・アイポッパー ・アサクサキングス ・アドマイヤジュピタ ・アドマイヤフジ ・トウカイトリック ・トウショウナイト ・ドリームパスポート ・ホクトスルタン ・ポップロック ・メイショウサムソン
世間はゴールデンウィーク真っ只中だが、生き物を扱っている競馬社会は連休とは無縁。厩務員たちは日々担当馬の身の回りの世話に追われ、助手たちは毎朝馬の背に跨って調教をつけ続ける。そんな生活が1年中延々と続くのだ。週末に競馬がある限り我々マスコミも関係者と同様に普段となにひとつ変わらぬ生活を送る。原則的に我々は週休2日制だが、本来休みであるはずの月火も最近は会議や打ち合わせ等の予定が入って完全休養できる日が少ない。そのぶん気分転換もままならずにいるが、たとえ祝日がすべて休みになったとしても計画性皆無の私の場合はいまとそう変わらない無駄の多い毎日を過ごすことになりそうな気がしている。
ある日曜日の朝、出勤途中のJR草津駅で騎手のA君とすれ違った。競馬開催日だというのに旅行用バッグ片手にホームへ急いでいる。「えらい人に見られちゃいましたね。考えるべきテーマができたのでいまから旅に出るところなんです」と告げつつ新快速に飛び乗った彼。もちろんこの場合の“えらい人”という言葉は“偉い人”ではなく“厄介な人”のニュアンス。うるさいオヤジに目撃されたのは相当に憂鬱な出来事だったようだ。この日の彼は騎乗停止期間中で朝の調教を終えてすぐに移動を開始したと思われる。騎手である限り通常では経験できない日曜日の休日。果たして彼はその貴重な時間を有効利用できたのだろうか。

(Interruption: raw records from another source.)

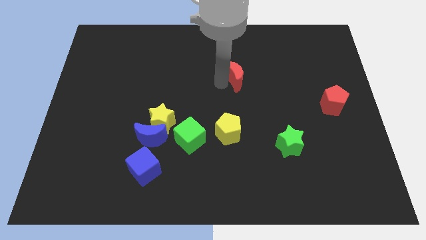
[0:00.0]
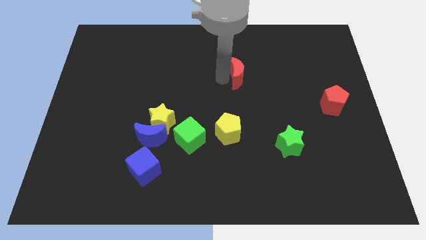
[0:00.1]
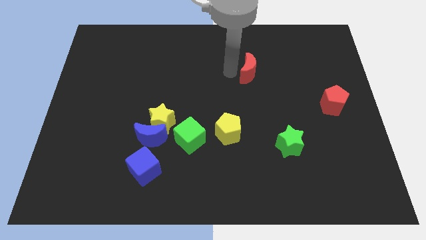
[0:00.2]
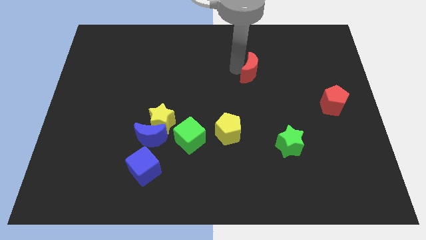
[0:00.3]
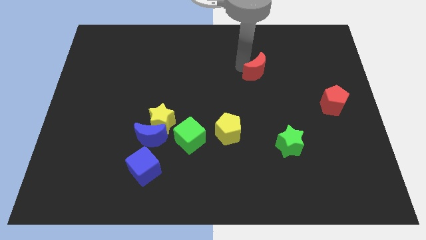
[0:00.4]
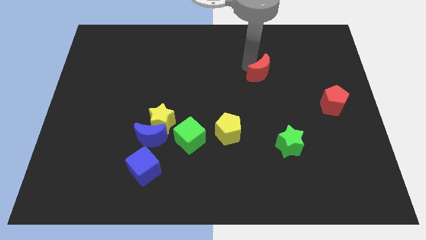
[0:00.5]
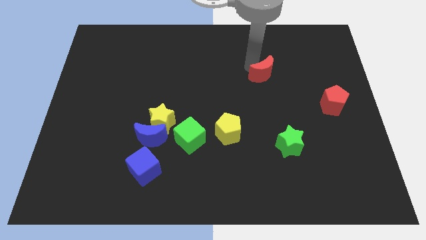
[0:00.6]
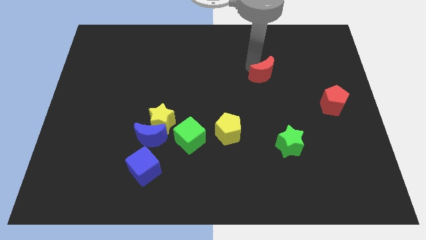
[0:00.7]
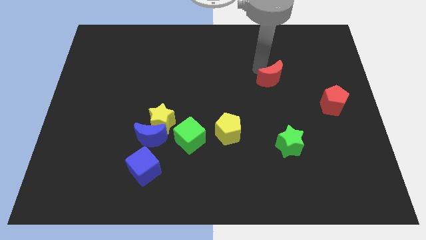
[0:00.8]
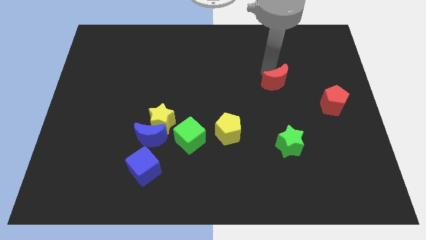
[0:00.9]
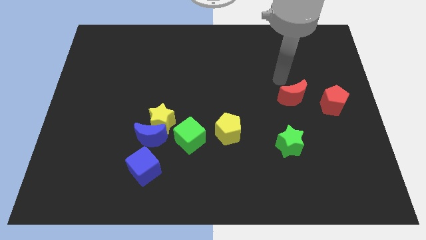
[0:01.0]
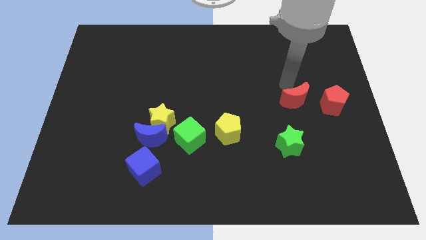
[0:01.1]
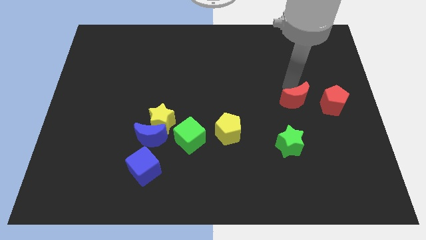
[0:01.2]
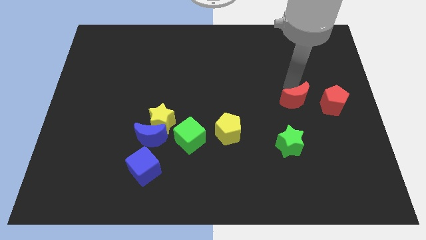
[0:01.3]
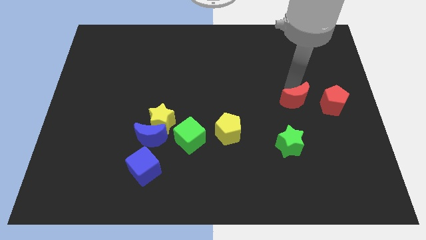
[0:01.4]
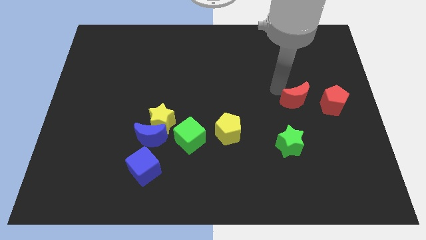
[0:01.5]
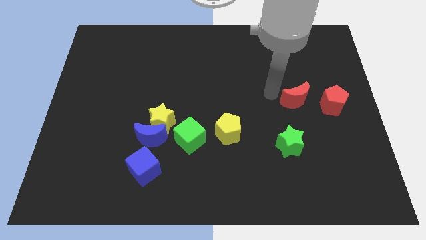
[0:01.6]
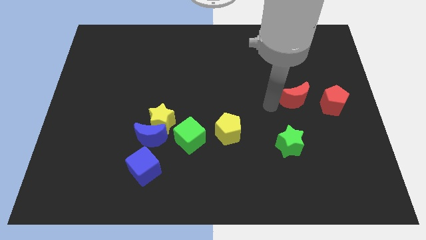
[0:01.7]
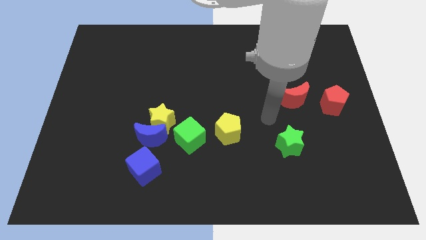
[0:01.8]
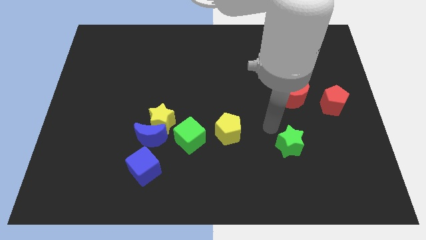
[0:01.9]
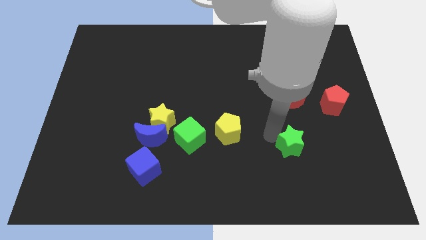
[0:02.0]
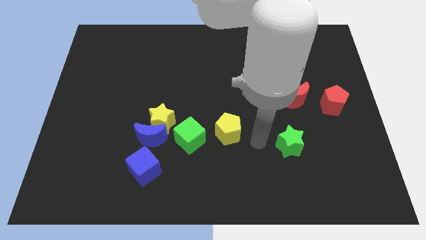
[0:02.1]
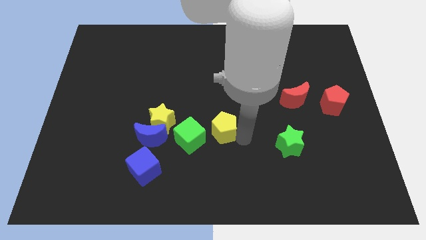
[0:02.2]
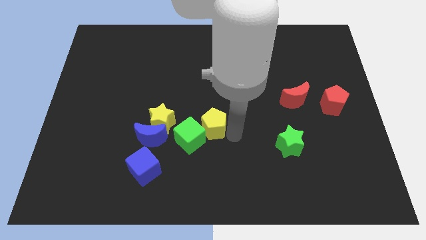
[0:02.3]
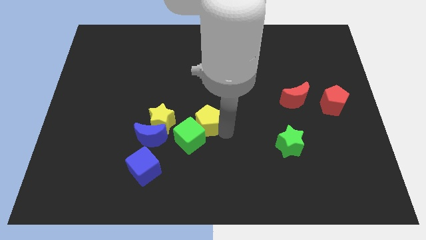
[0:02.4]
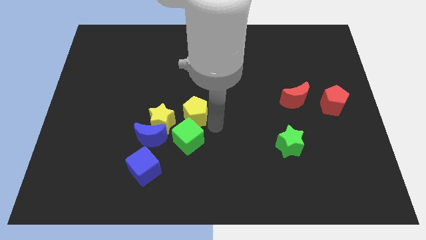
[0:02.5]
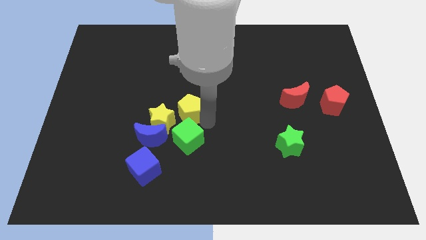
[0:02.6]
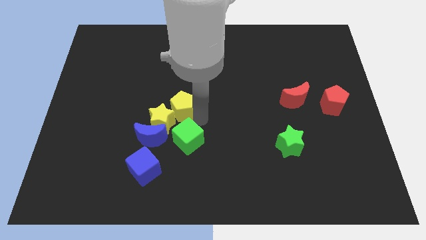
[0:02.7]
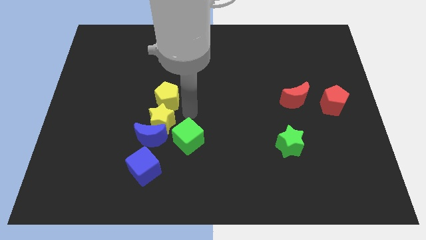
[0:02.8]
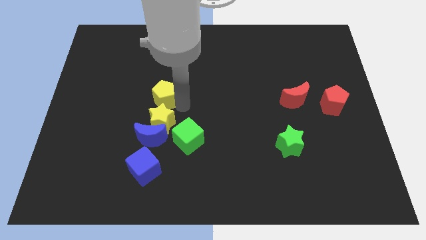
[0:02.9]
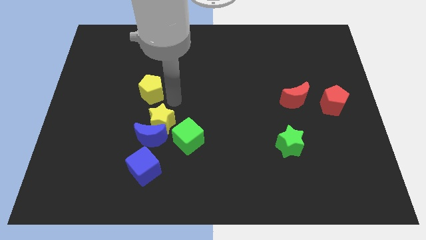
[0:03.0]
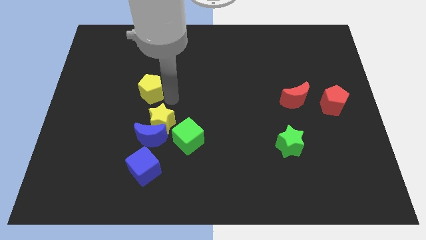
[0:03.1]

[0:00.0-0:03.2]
place the red moon and the yellow pentagon horizontally

28、29日(月、火)は珍しく予定がなかったためノンビリと休日を過ごした。やったことと言えば火曜の夕食を作ったぐらいだが、料理は最近の私の数少ない趣味のひとつ。去年の上半期はピザやパスタ類に嵌り、熱燗の季節になってからは和食系に方向転換。鍋料理や漬け物(主に千枚漬け)に熱中した。29日のメニューは炊き込みご飯で銀杏の殻を割って実についた薄皮をはがし、軽く下味をつけたごぼう、揚げ、椎茸などと共に炊飯器で炊き上げた。味付けは知人に教わった市販の安価な麻婆豆腐の素(とろみ袋は使わない)だが、これが意外に美味。つれあいにも好評だが、裏読みすると少々の不満には目をつぶってジャッジを甘くすることでお調子モンの私をより多く台所に立たせようとする戦略があるのかもしれない。しかし、まあ、それはそれ。パソコンや本などで活字を追ってばかりいると最近は首筋や肩が凝ってつらい。当初は酒を飲むにあたって自分の好きな肴を並べようとしたのが発端だが、包丁片手に台所に立つと凝りを感じなくなるから不思議である。

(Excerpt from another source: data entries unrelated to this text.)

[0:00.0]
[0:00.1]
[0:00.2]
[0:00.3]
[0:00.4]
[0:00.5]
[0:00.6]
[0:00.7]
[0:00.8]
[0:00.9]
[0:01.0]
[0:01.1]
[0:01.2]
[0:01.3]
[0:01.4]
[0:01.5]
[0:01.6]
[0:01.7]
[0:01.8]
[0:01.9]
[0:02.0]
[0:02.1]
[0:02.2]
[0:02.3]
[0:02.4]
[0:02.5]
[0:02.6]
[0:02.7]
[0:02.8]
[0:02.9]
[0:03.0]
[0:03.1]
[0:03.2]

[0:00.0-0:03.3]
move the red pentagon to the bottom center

中距離戦で活躍していたBという馬がある時期から凡走を繰り返すようになった。関係者はメンバーの弱い平場に使って勝とうとしたが、そこでもBはゴール前にくると集中力が途切れて自ら走るのをやめた。その後も何度か平場に出走したもののレース内容は変わらない。診療所で検査をしてもどこといって悪いところはない。困り切った関係者はBを短距離戦に使った。「年中同じようなレースを繰り返したため馬が走ることに飽きたのではないか」との乗り手の意見がヒントになった。激しい流れの短距離戦を経験したBは2走目で素晴らしい追い込みを見せて2着に入り、その後は中距離戦に戻って2連勝。準オープンクラスまで出世した。この手の話は短期間に馬を入れ替える習慣がなかったひと昔前の時代によく耳にしたが、最近は馬が飽きる前に短期放牧に出して気分転換させるケースが多くなっている。単調なリズムで生活を続けるとストレスがたまってくるのは人も馬も変わらない。だからこそそのストレスを解消させて気持ちをリフレッシュさせることが必要となる。
思い立って5月に予定をふたつ入れた。京都競馬場に行って久しぶりに現場の空気を味わうことと、あるベテランミュージシャンのライヴを見に行こうというのがそれ。適度に刺激を受けることで古ぼけて緩み切った脳を少しでも活性化させようというのが狙いだが、一旦生活圏を離れるとあとさきを忘れて目の前の事象に熱中してしまう私。馬券でやられて帰りの電車賃がなくなったり、二日酔いで仕事を休んだりしないように気をつけるつもりだ。せっかくの気分転換も度が過ぎてオーバーワークになっては意味がないのだから。